_INFORMATION PROVIDED_
++++++

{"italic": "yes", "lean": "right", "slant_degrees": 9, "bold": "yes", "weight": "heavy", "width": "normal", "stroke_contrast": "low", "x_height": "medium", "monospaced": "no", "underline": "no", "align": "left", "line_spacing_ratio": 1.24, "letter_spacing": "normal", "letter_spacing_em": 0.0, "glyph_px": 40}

++++++

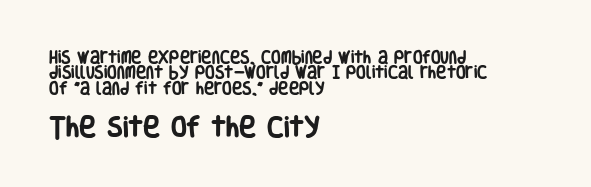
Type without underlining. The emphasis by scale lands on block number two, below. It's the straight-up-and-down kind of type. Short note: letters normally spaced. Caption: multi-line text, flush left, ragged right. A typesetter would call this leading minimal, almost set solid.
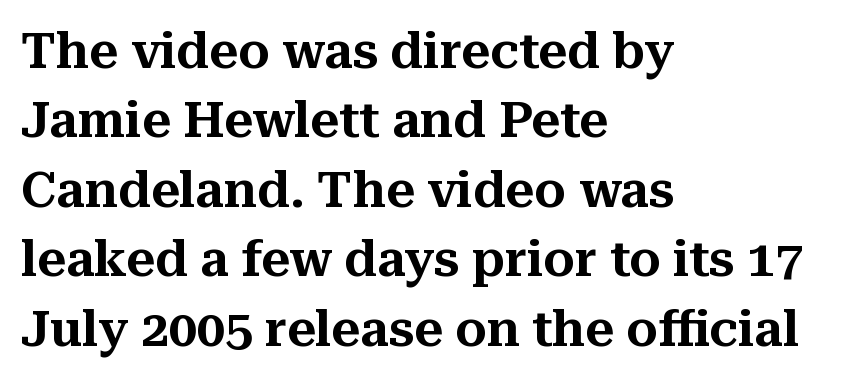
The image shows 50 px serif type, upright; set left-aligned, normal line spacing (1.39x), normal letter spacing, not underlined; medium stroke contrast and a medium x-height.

++++++

_WHAT YOU NEED TO DO_
Every line of the material above that has the string "type" needs pulling out.

_ANSWER TO THIS EXERCISE_
Type without underlining. The emphasis by scale lands on block number two, below. It's the straight-up-and-down kind of type. Short note: letters normally spaced. Caption: multi-line text, flush left, ragged right. A typesetter would call this leading minimal, almost set solid.
The image shows 50 px serif type, upright; set left-aligned, normal line spacing (1.39x), normal letter spacing, not underlined; medium stroke contrast and a medium x-height.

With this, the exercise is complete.